Alive Again

At rare times when fear, furiousness, and frustration ebb as the dominant emotions that I associate with episodic altered consciousness, curiosity rises to fill the void. Moments of clarity bring not only a rush of sensation and cognitive potential, but also a stream of questions concerning my identity and what my precarious situation implies about it. Clearly, at this moment, ‘I’ refers to me, the one who can read a chapter of a book and remember it for longer than three seconds. Surely, it refers to the man who can taste his food, and smell it toו. And it refers to the guy who can play a modest amount of music, has respectable mathematical abilities, and craves independence.

So who the hell is the guy that has been dating my girlfriend for the last seven months, and the better part of the last two years? Obviously, he was I. But he clearly was not all that I entails. And he did not have access to all of my abilities, or all of my memories. And he lived in his parent's house and watched infuriating amounts of television, which you would never catch me doing. The question at hand is that of the relationship between the whole and its parts. In this case, the subject is a fractured consciousness.

According to my neurologist, the right half of my brain, typically my dominant hemisphere, took a beating, along with my working memory, while the left hemisphere continued to function on a very high level. As concerns the memory, it strikes me as intuitive that a person could remain the same person in most ways that seem important despite varying levels of working memory. However, the difference between functioning strongly in both hemispheres and functioning strongly in only one fundamentally alters the way one can think. Granted, any change you make to one’s brain chemistry, on any level can be considered to produce a different person. But at what point is the change substantial enough that it is reasonable to conceive of the changed individual as a completely distinct person, a unique soul, not the conscious being we originally associated with its body?

At the all too rare times, when I begin a spontaneous and rapid recovery – although I sincerely hope that this time is permanent and, consequently, the last – my first thought, while lying in bed, overwhelmed by my newly discovered powers of cognition, typically, is “Where the $%^& have I been?” The relationship of this “I” to the “I” that only weeks ago screamed “What the $%^& did I do to deserve this?” is incomprehensible, even to the “I” composing this composition.

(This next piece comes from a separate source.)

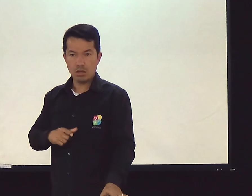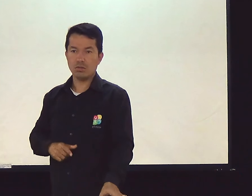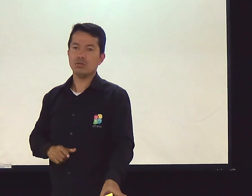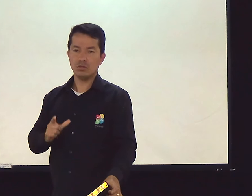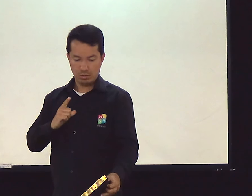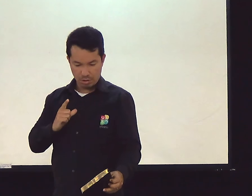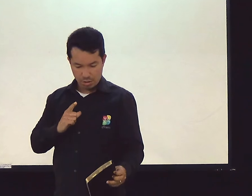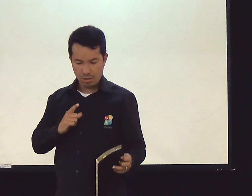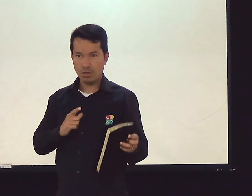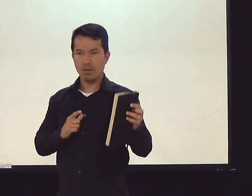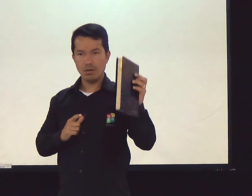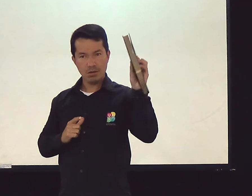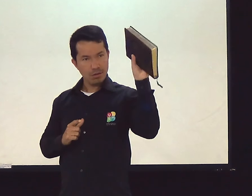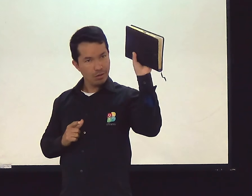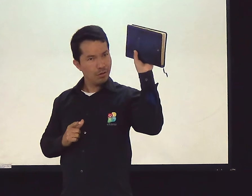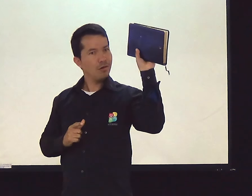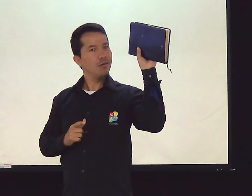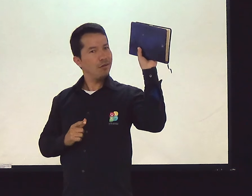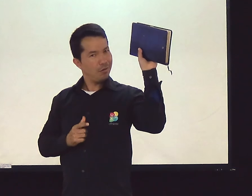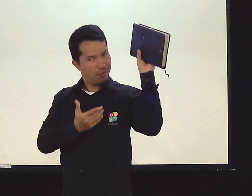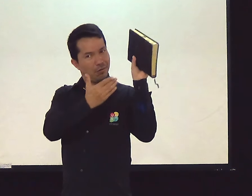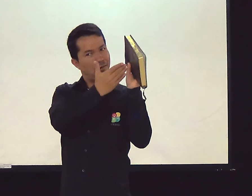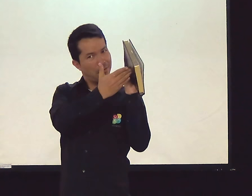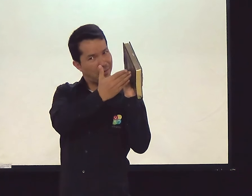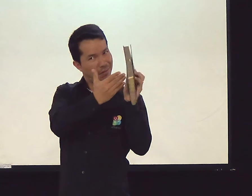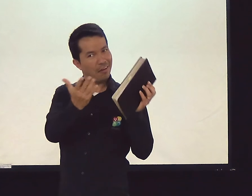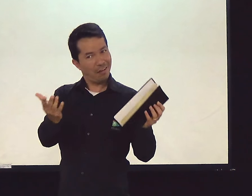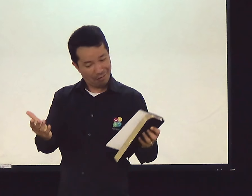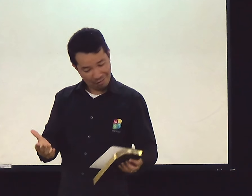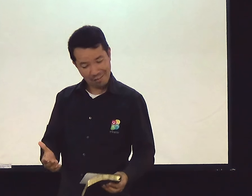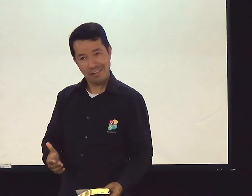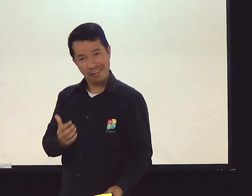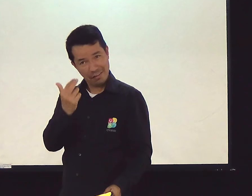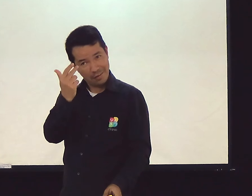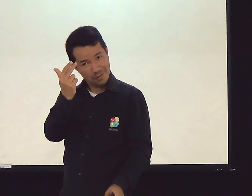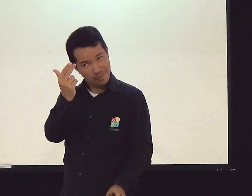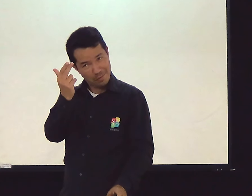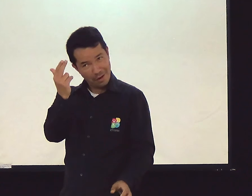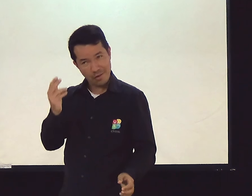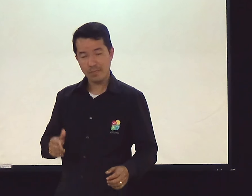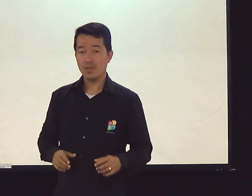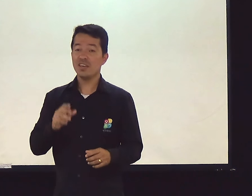Porque você tem uma arma. Você sabia disso? Claro.
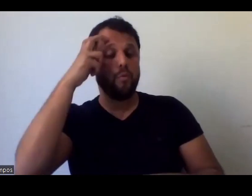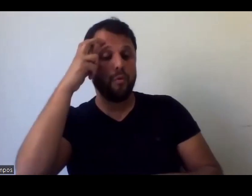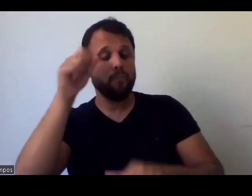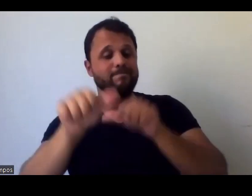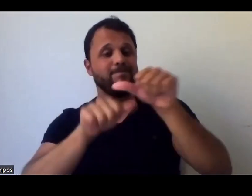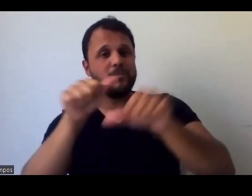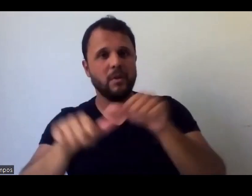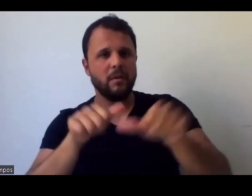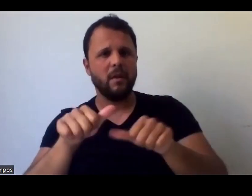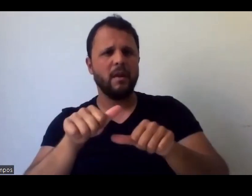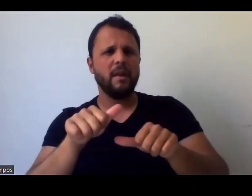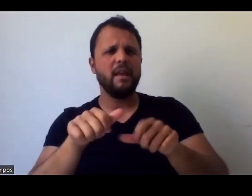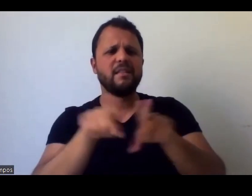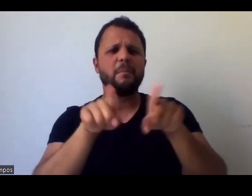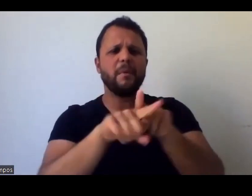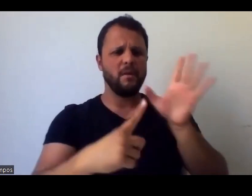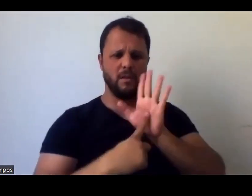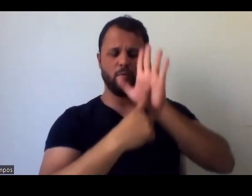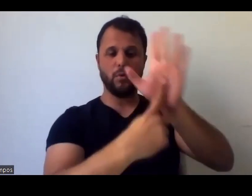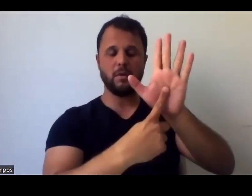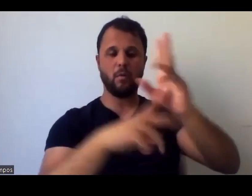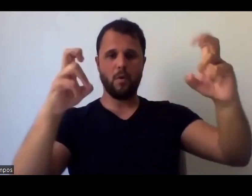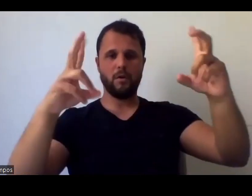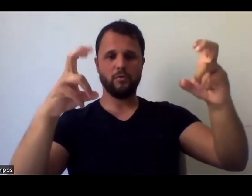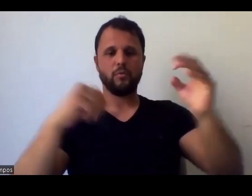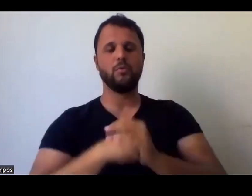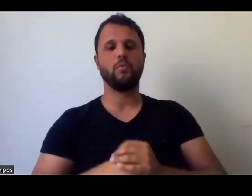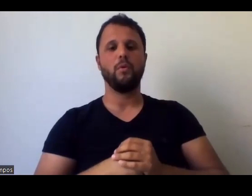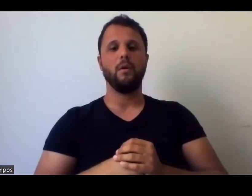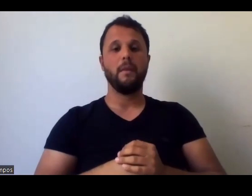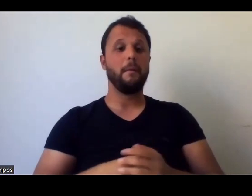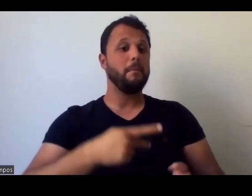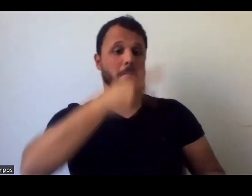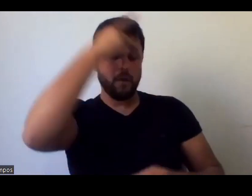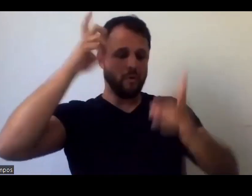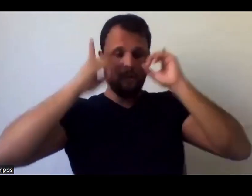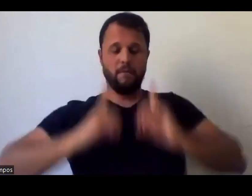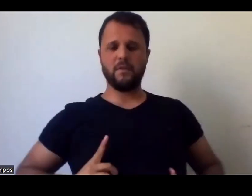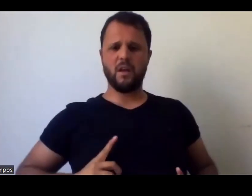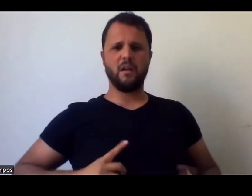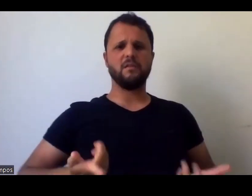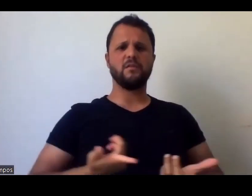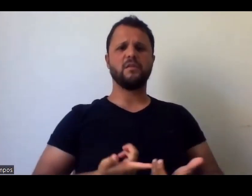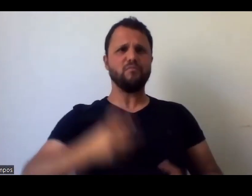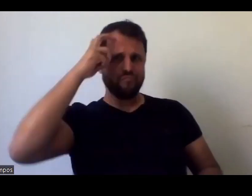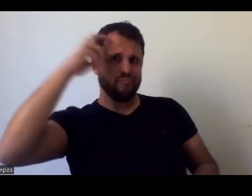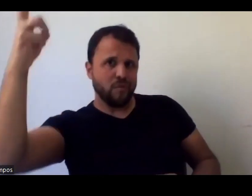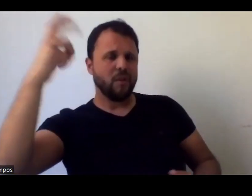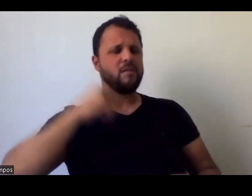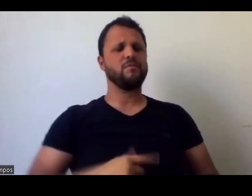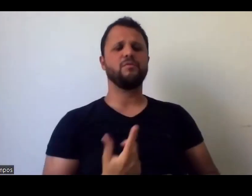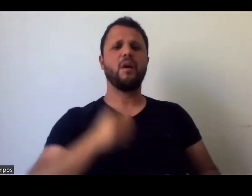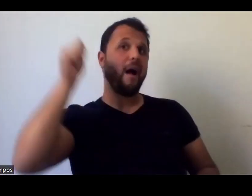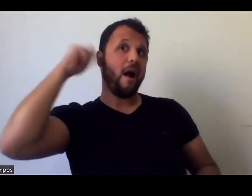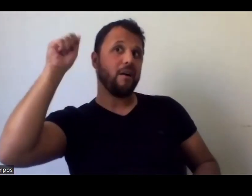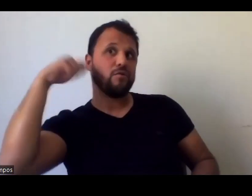exposições sobre pessoas com deficiência, intelectuais, artistas, ativistas, né, eu passei

I would like to ignore these issues of identity and simply shut up and live. But my newly restive mind will not allow me to put these questions to sleep. What right do I, at present, have to provide an account of the experiences from which I, in my present state, only weeks removed from complete incoherence, feel distant? To what extent can I simply resume my life, the one created by someone with far greater cognitive powers than I, and maintained for the last two years by a pitiable schlub?

We all grow, fade, and in many other ways change. But usually this change is continuous and slow enough as to be unnoticeable in the short run. Eventually this change catches up with people in the long run in the form of midlife crises and crises of faith. Sudden moments manifest a change that has long brewed under the surface in the way that earthquakes release tension built over years. But only rarely do neurological events result in unpredictable seismic shifts of both personality and ability. And even less rarely are such events reversible or cyclical. However, for the time being, this is my reality.

Usually the illusion of a stable identity is maintained by the slowness with which any neurological changes take place. In my case, for the time being, any such illusion is out of reach. While the philosophical consequences of my current identity crisis are complicated, the practical implication is straightforward. I wake up each morning, take a minute to find out who I am, and plan my day accordingly. As for my right to take ownership of a past for which only half of me is accountable, I seem to have little choice in the matter. It is the only past I have and however foreign it seems to me, it is more connected to me than to anyone else.